Evaluating Machine Learning Approaches for Sentiment Analysis of Internet Service Providers in Indonesia: Naïve Bayes vs. Gradient Boosting

Authors
I Gusti Ngurah Bagus Catur Bawa1, *, Made Pradnyana Ambara1, I Wayan Suasnawa1, Anak Agung Ngurah Gde Sapteka2, I Komang Wiratama1, Ida Bagus Putra Manuaba1
1Information Technology Department, Politeknik Negeri Bali, Bali, Indonesia
2Electrical Engineering Department, Politeknik Negeri Bali, Bali, Indonesia
*Corresponding author. Email: caturbawa@pnb.ac.id
Corresponding Author
I Gusti Ngurah Bagus Catur Bawa
Available Online 31 October 2025.
DOI
10.2991/978-94-6463-878-3_58How to use a DOI?
Keywords
Gradient Boosting; Naïve Bayes Sentiment Analysis; Machine Learning
Abstract

Customer satisfaction has become a crucial metric for the business sustainability of Internet Service Providers (ISPs) amidst fierce industrial competition in Indonesia. Automated sentiment analysis on social media offers a solution to efficiently monitor public opinion. This study aims to comprehensively evaluate and compare two machine learning algorithms, Naïve Bayes (NB) and Gradient Boosting (GB), for the task of sentiment classification on Indonesian ISP user reviews collected from the Twitter platform. The research methodology encompasses several optimization stages, including hyperparameter tuning and the handling of imbalanced data using the Synthetic Minority Over-sampling Technique (SMOTE), to ensure a fair and in-depth comparison. The experimental results indicate that Gradient Boosting consistently outperforms Naïve Bayes. The best-performing model, Gradient Boosting optimized with tuning and SMOTE, achieved an overall accuracy of 85%. More importantly, this model demonstrated a superior capability in identifying negative sentiment, achieving a recall score of 93%, which is a valuable capability for practical applications such as customer complaint detection.
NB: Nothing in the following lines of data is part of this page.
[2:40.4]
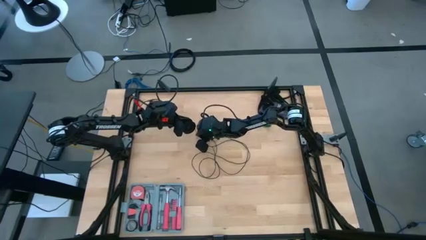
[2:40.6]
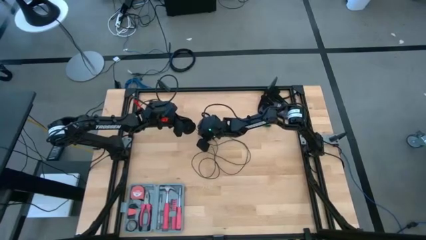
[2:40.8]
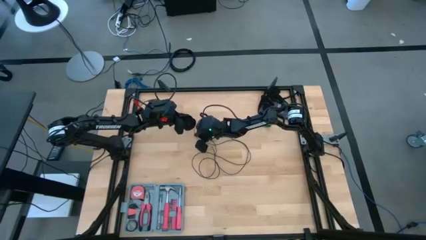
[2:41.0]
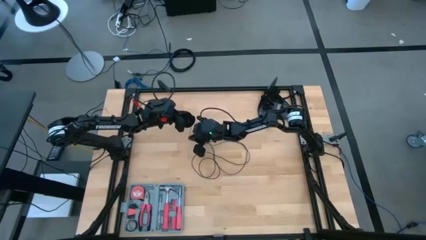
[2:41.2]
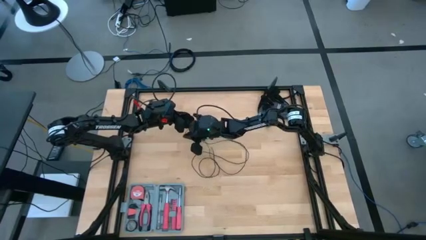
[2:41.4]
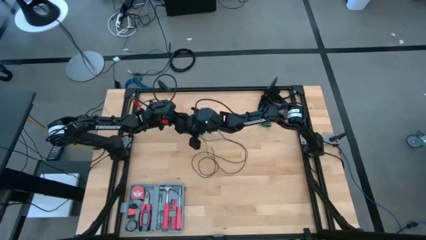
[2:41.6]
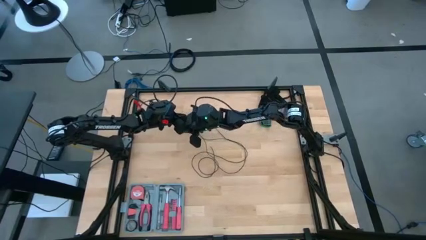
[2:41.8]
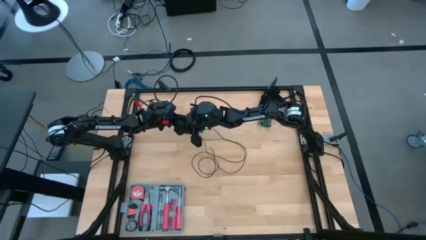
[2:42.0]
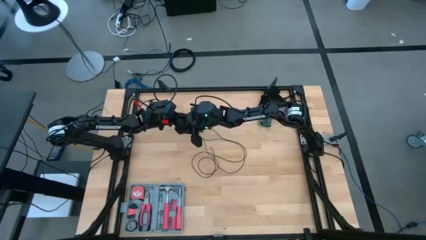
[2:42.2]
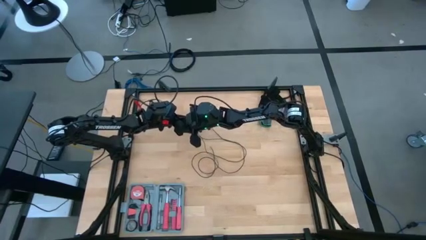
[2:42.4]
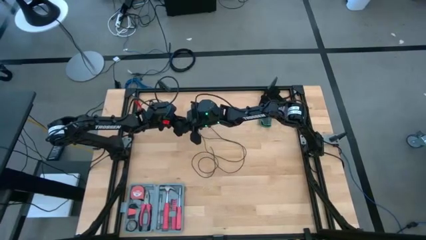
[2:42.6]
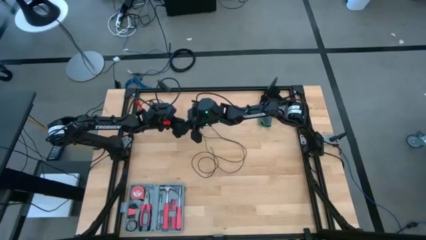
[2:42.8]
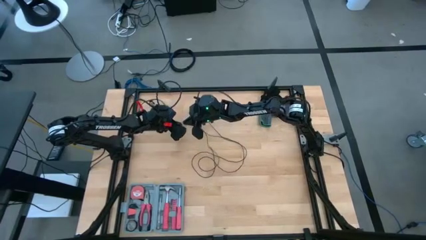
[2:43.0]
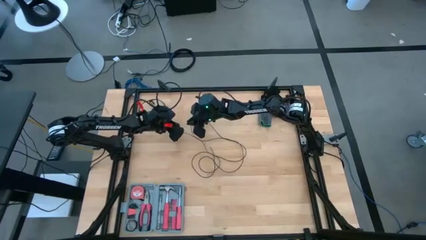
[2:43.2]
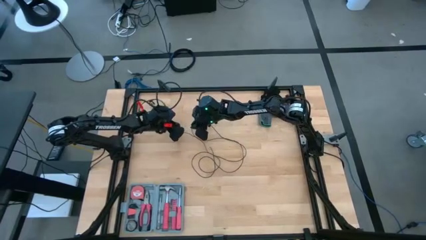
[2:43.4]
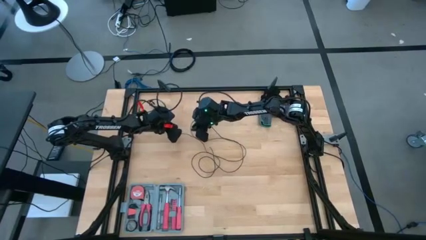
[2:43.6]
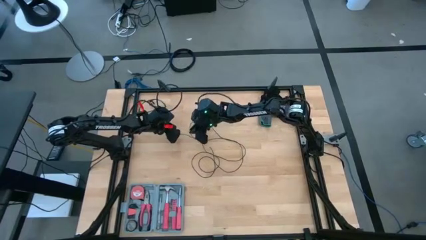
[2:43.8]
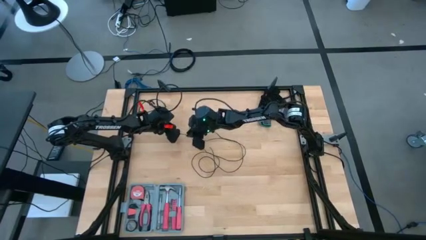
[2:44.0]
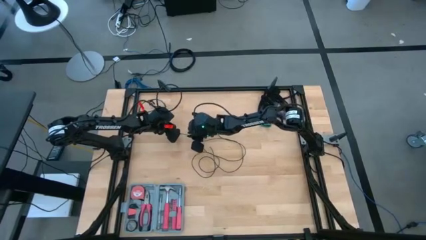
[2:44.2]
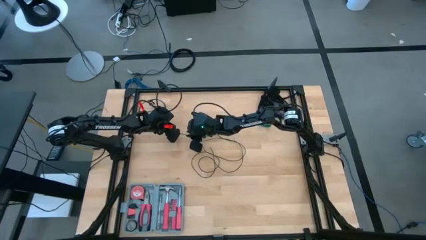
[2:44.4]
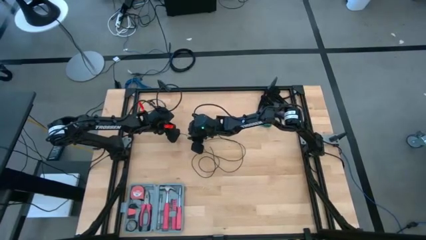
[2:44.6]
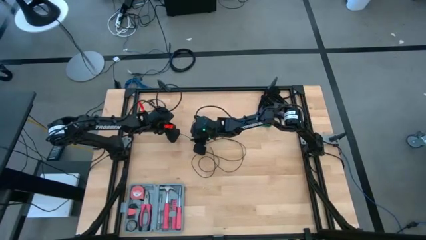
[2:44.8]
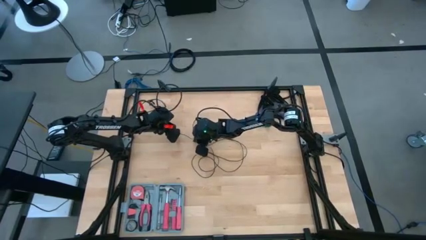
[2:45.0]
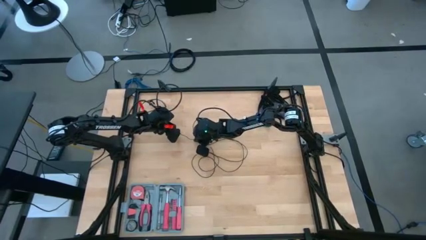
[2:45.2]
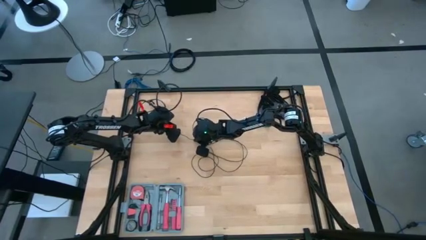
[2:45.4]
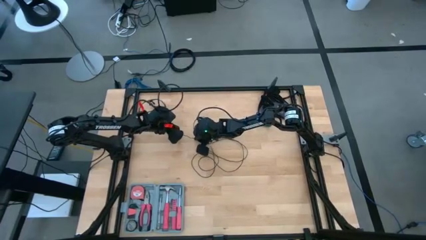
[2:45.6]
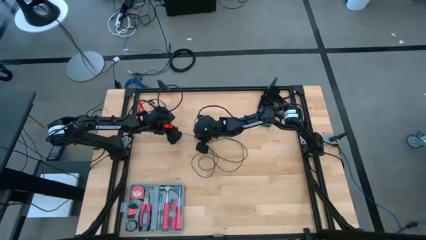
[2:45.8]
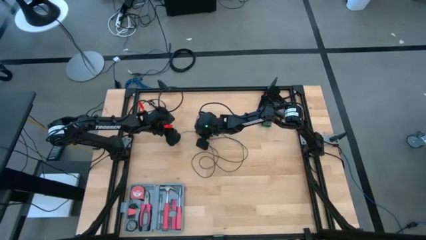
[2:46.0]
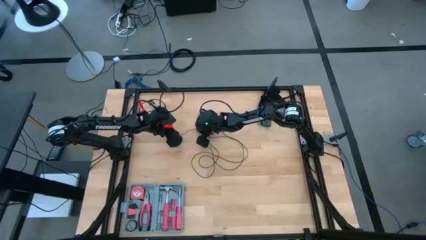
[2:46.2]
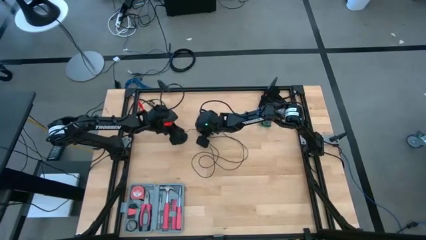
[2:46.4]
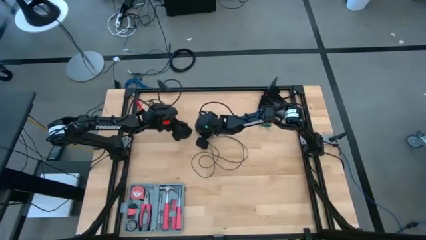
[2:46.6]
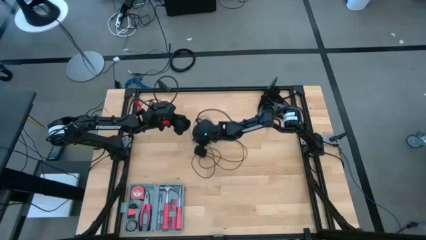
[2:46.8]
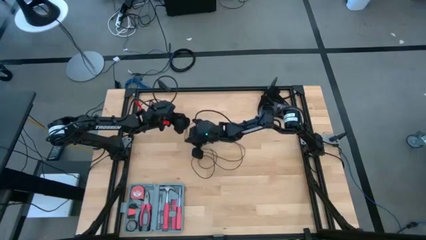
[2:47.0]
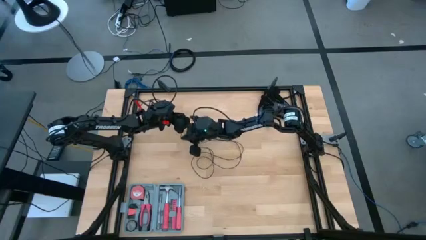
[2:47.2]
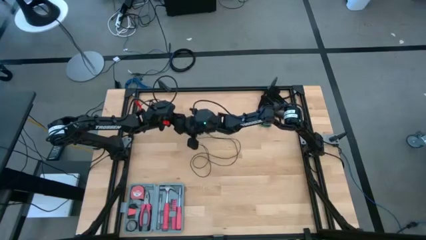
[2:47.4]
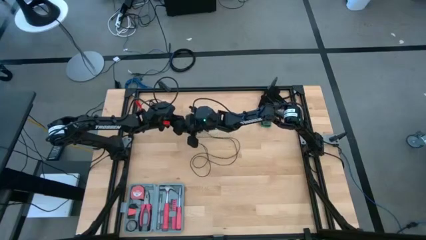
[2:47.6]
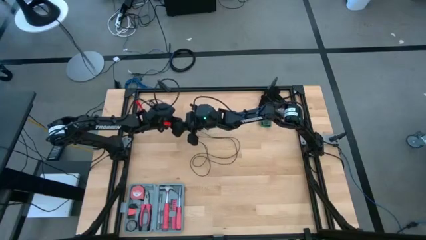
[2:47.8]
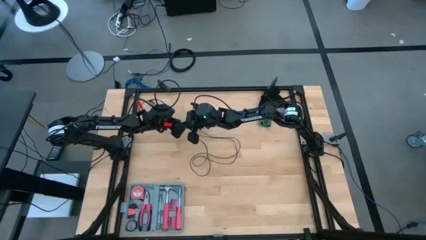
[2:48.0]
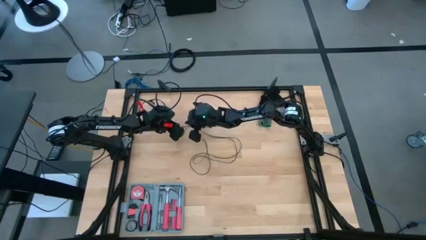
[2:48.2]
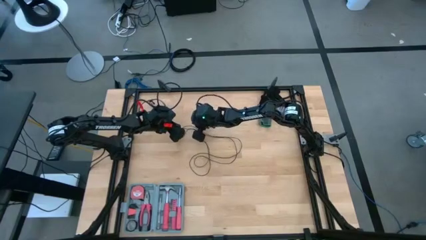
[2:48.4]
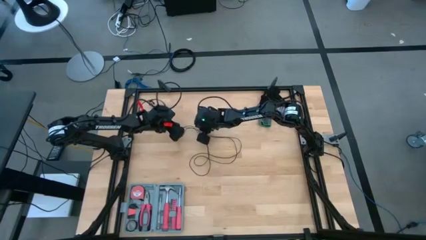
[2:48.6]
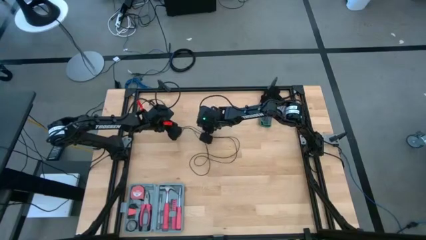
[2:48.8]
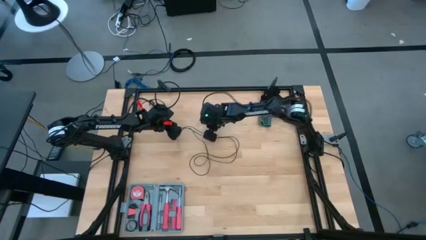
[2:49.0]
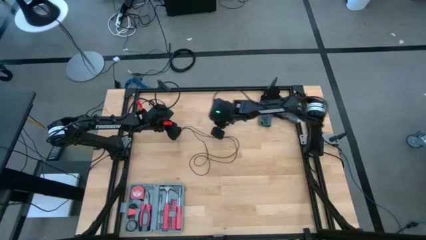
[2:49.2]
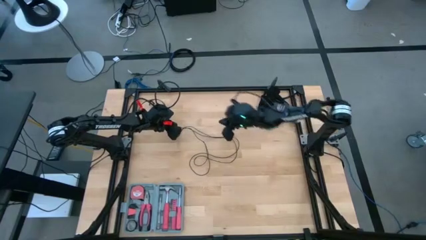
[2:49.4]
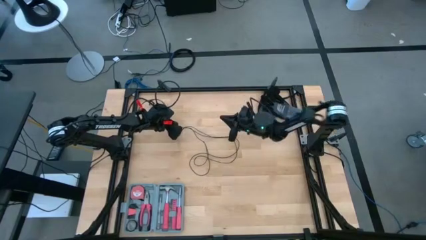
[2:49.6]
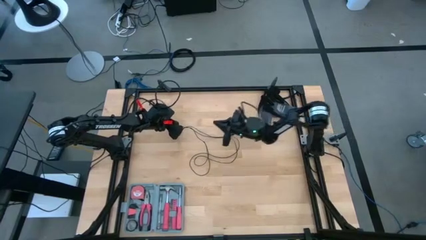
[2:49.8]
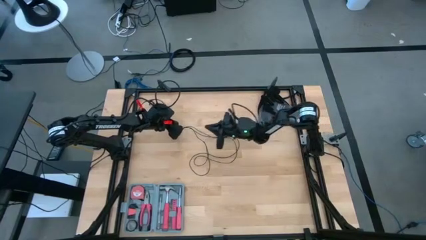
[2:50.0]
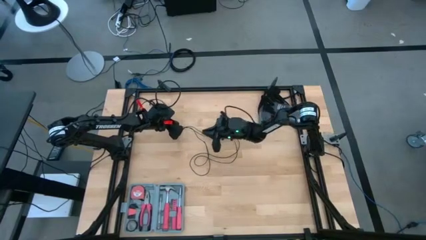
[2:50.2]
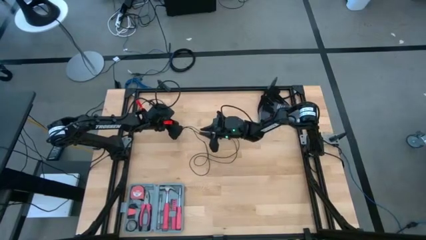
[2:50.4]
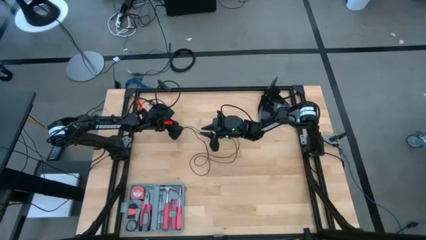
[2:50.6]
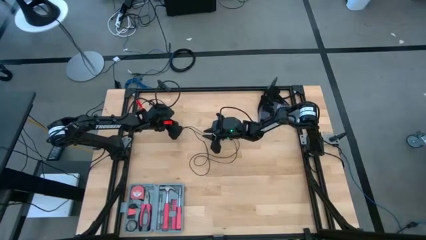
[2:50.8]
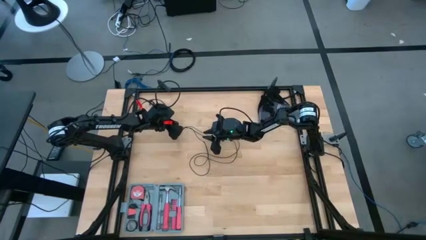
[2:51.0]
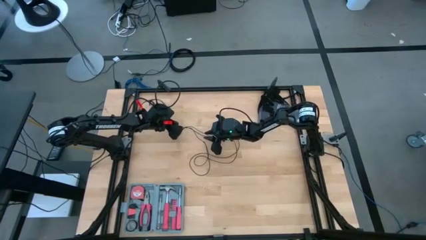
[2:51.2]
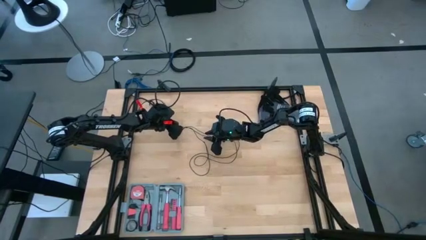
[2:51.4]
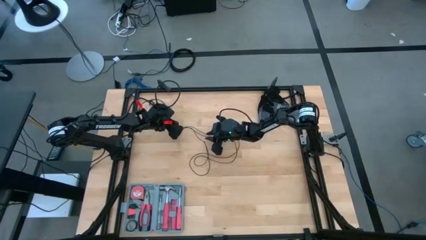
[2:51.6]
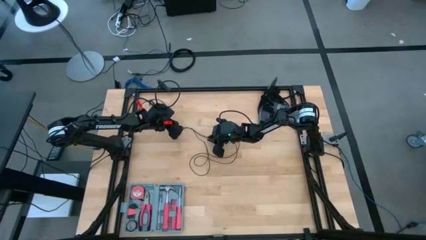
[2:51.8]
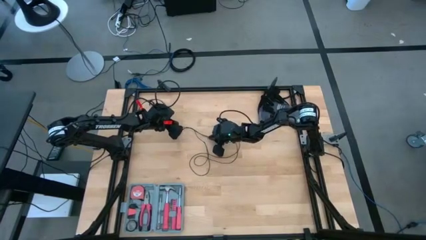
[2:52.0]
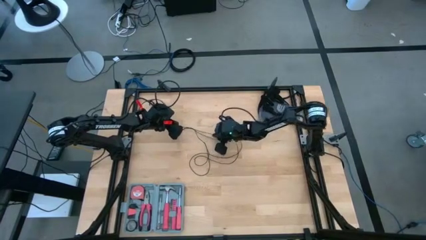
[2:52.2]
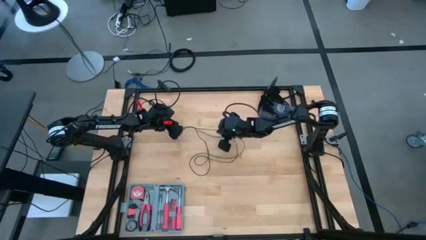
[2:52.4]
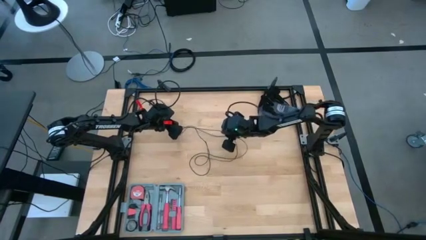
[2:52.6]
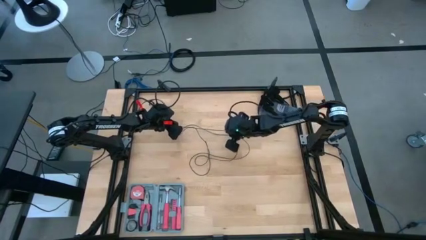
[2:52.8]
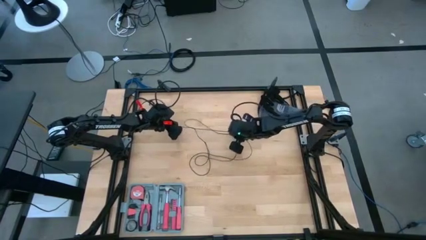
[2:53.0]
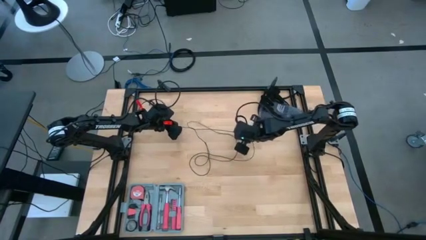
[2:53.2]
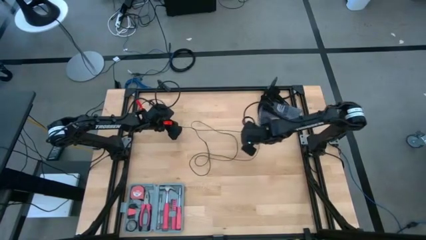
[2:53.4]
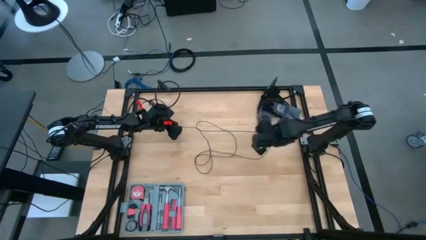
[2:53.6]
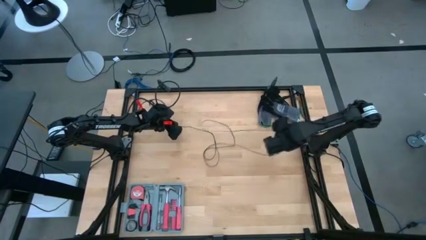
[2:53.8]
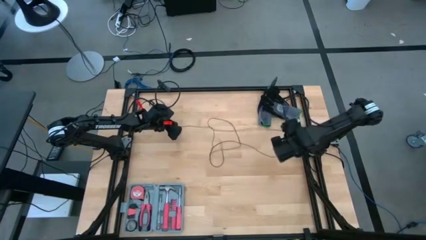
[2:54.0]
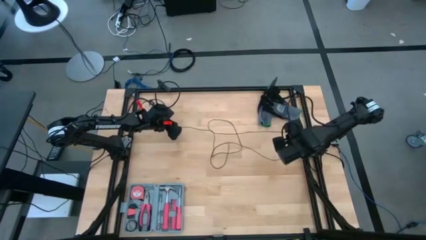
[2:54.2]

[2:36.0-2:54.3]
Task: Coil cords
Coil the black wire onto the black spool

This study concludes that the optimized Gradient Boosting approach constitutes a more robust and reliable solution for sentiment analysis in this domain.

Copyright
© 2025 The Author(s)
Open Access
Open Access This chapter is licensed under the terms of the Creative Commons Attribution-NonCommercial 4.0 International License (http://creativecommons.org/licenses/by-nc/4.0/), which permits any noncommercial use, sharing, adaptation, distribution and reproduction in any medium or format, as long as you give appropriate credit to the original author(s) and the source, provide a link to the Creative Commons license and indicate if changes were made.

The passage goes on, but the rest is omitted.